Essen unterstützt Kinder aus Suchtfamilien mit Aktionswoche voller Hilfsangebote
Noah MayerEssen unterstützt Kinder aus Suchtfamilien mit Aktionswoche voller Hilfsangebote
Essen beteiligte sich an der bundesweiten Aktionswoche "Kinder aus Suchtfamilien" vom 22. bis 28. Februar 2026
Die Veranstaltung hatte zum Ziel, auf die Herausforderungen von Kindern aufmerksam zu machen, die in Familien mit Suchtproblemen aufwachsen, und lokale Hilfsangebote bekannter zu machen. In der gesamten Stadt wurden vielfältige Aktivitäten für Kinder, Jugendliche, Eltern und Fachkräfte organisiert.
Das einwöchige Programm umfasste Workshops, Informationsveranstaltungen und kreative Angebote. Die Essener Stadtbibliothek bot für Kinder ein Bilderbuchkino und Bastelaktionen an, während für Erwachsene Vorträge stattfanden. Der örtliche Kinderschutzbund und BELLA DONNA trugen mit interaktiven Sessions und Beratungsangeboten bei.

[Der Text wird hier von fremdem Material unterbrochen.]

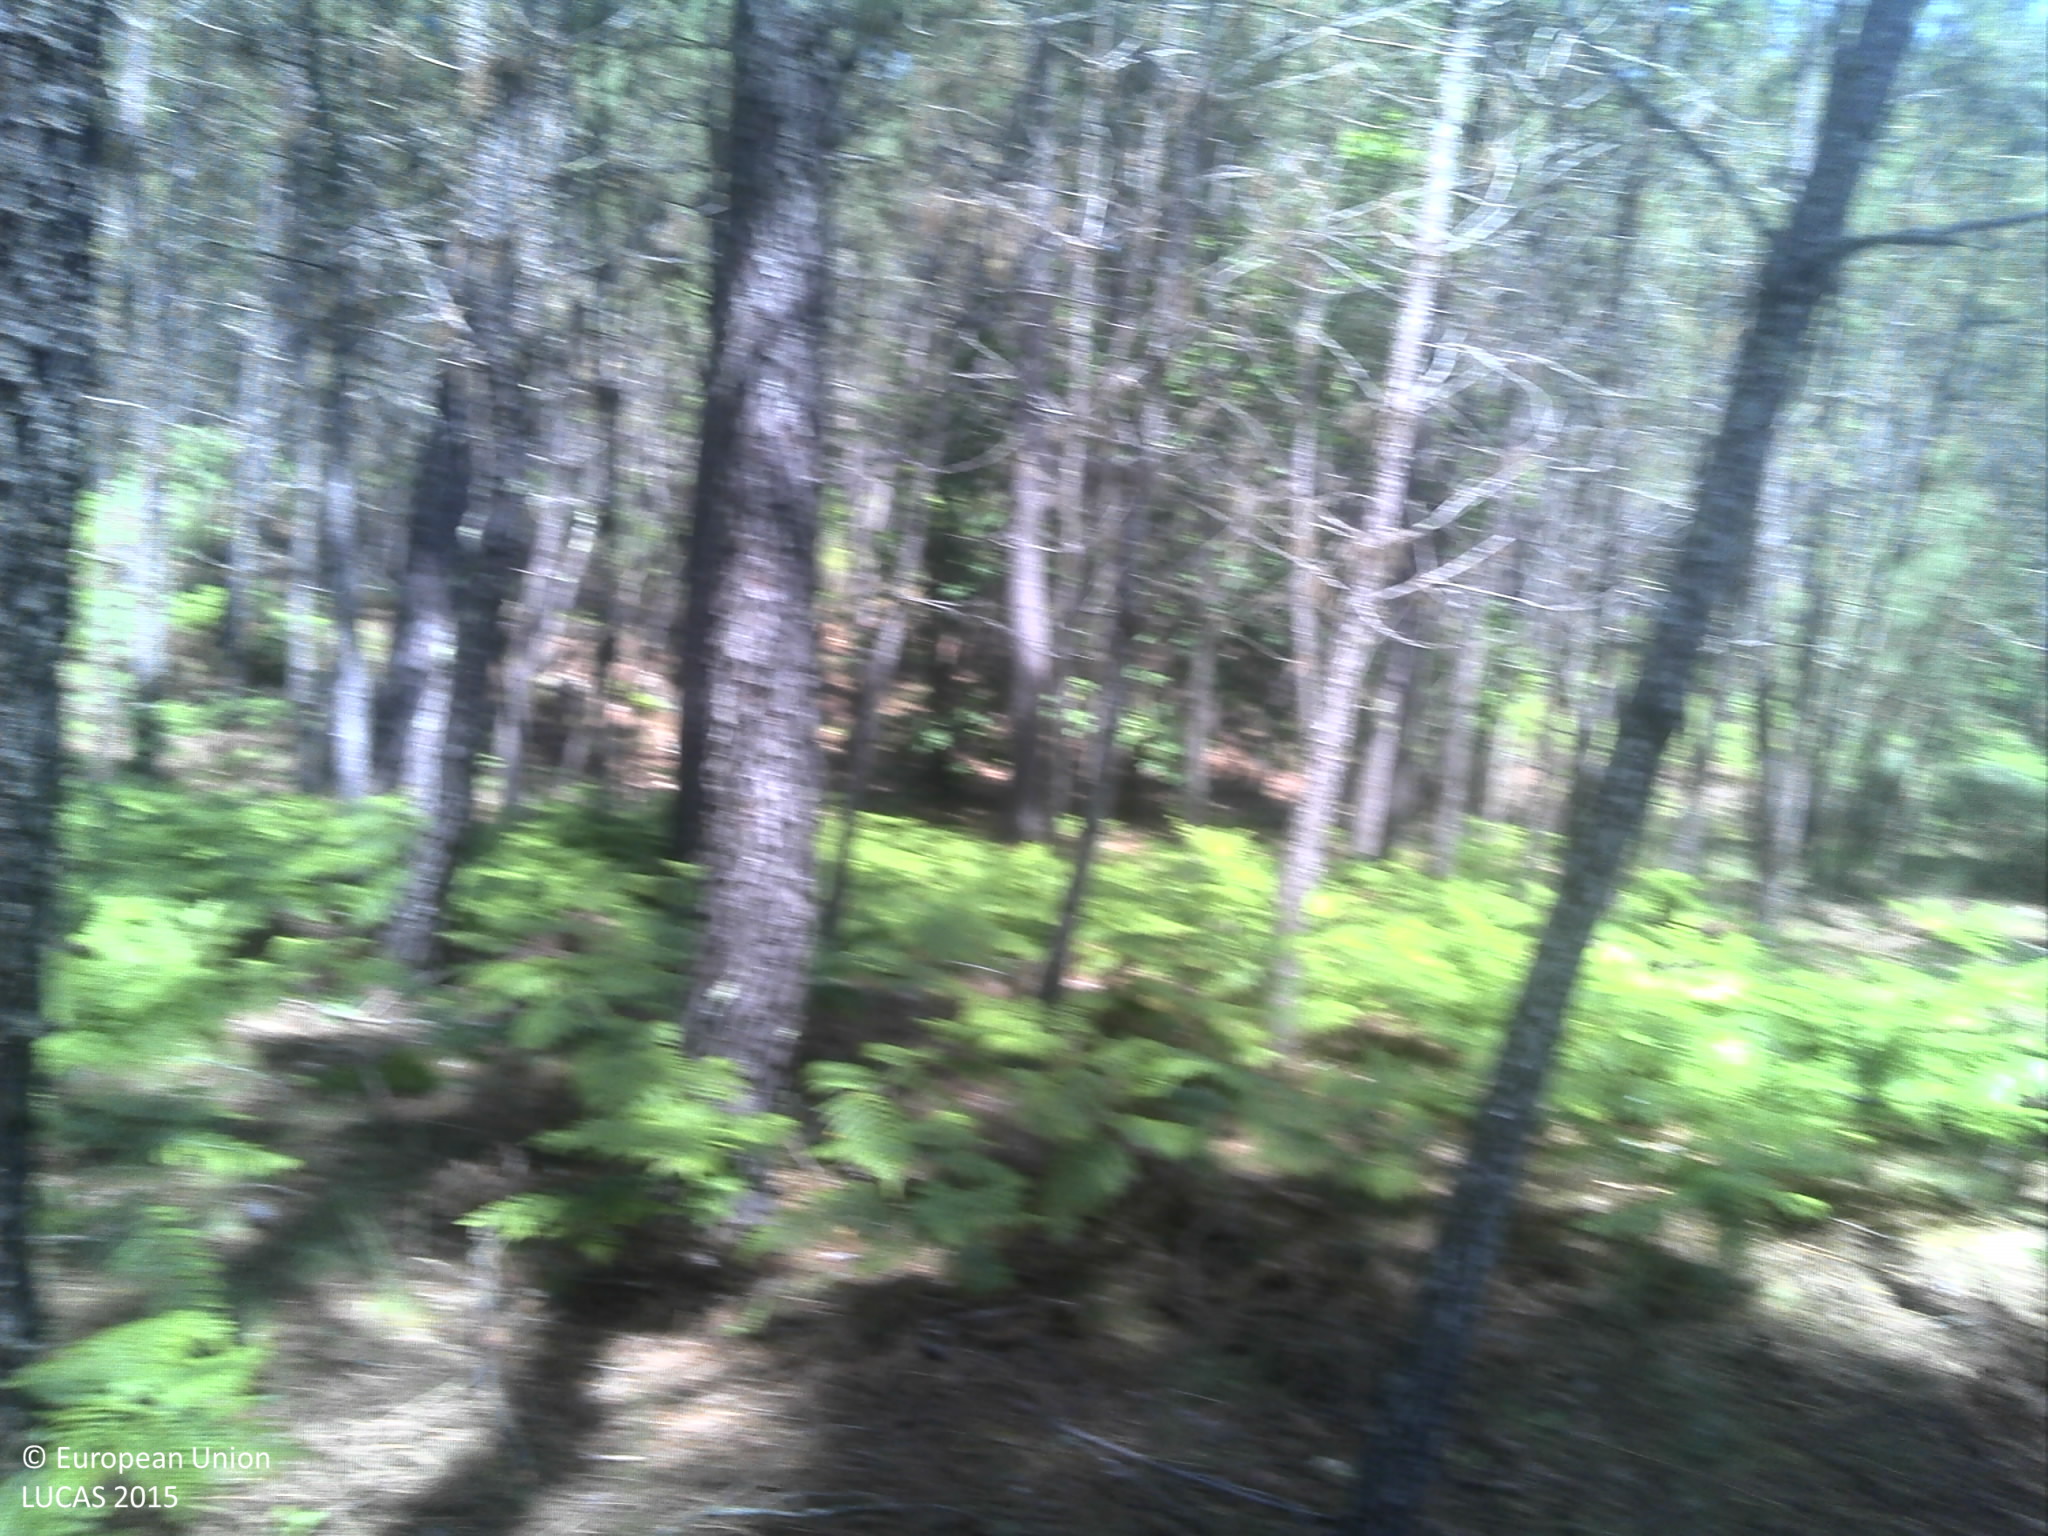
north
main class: Woodland
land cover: Pine dominated coniferous woodland
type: coniferous forest of the mediterranean region
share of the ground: > 75 %
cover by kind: coniferous forest trees 90 %, shrubs 10 %
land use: Forestry
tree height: > 5 m
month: May
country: PT
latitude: 40.6907
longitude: -7.8132

Ein Online-Training für Schulpersonal wurde vom Schulpsychologischen Dienst geleitet. Gleichzeitig präsentierten Vertreterinnen und Vertreter von ElsE ihre Arbeit auf einer bundesweiten Veranstaltung von NACOA in Berlin. Den Abschluss bildete die Vorführung des Films 22 Bahnen im Filmkunsttheater – ein Film, der bei vielen jungen Zuschauerinnen und Zuschauern aus suchtbelasteten Familien auf große Resonanz stieß.
Studien zeigen, dass in Deutschland jedes fünfte bis sechste Kind mit einem suchtkranken Elternteil lebt. Diese Kinder erleben häufig Vernachlässigung, Gewalt oder langfristige emotionale Belastungen. Zudem besteht für sie ein erhöhtes Risiko, später selbst eine Sucht oder psychische Probleme zu entwickeln.

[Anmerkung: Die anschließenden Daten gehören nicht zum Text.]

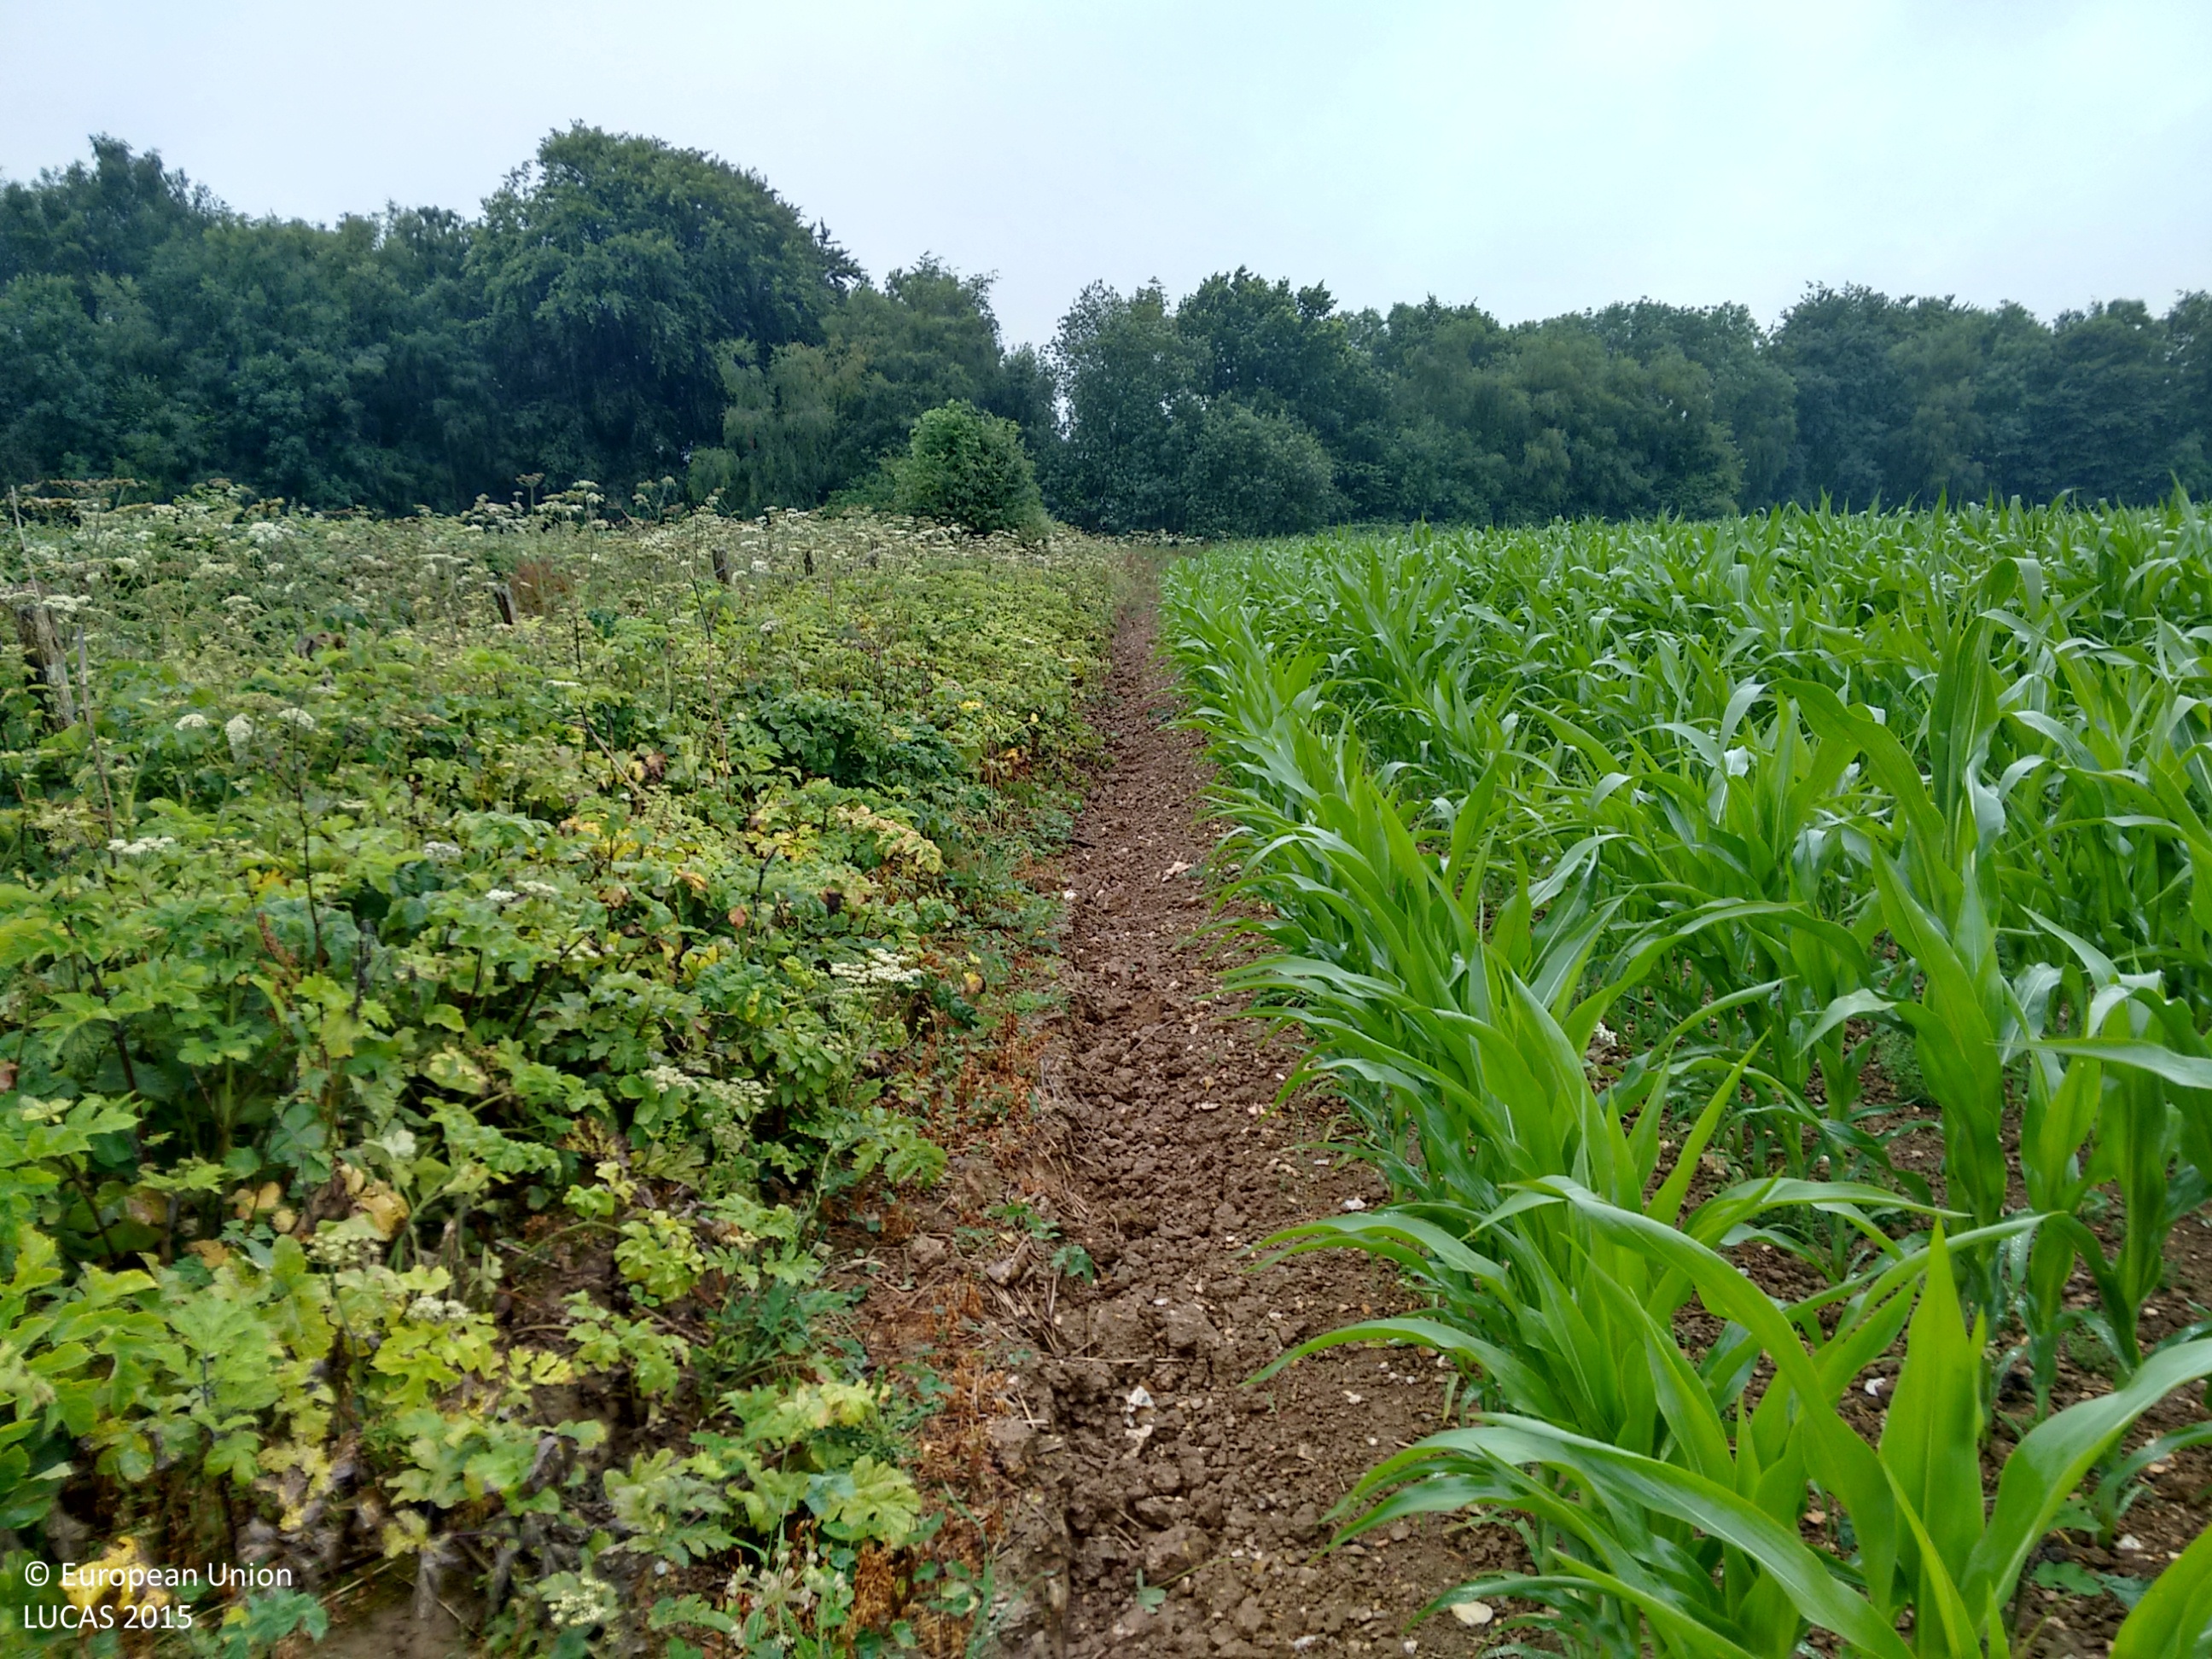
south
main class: Cropland
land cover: Maize
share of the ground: 50 - 75 %
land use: Agriculture (excluding fallow land and kitchen gardens)
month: July
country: GB
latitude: 51.1912
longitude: -1.0195

Die Aktionswoche 2026 in Essen bot betroffenen Kindern Unterstützung und Sichtbarkeit. Durch Filme, Schulungen und öffentliche Diskussionen wurden Familien mit lokalen Hilfsangeboten vernetzt. Die Organisatorinnen und Organisatoren hoffen, dass die Initiative das Bewusstsein für die Thematik nachhaltig stärkt und die Hilfe für Betroffene weiter ausbaut.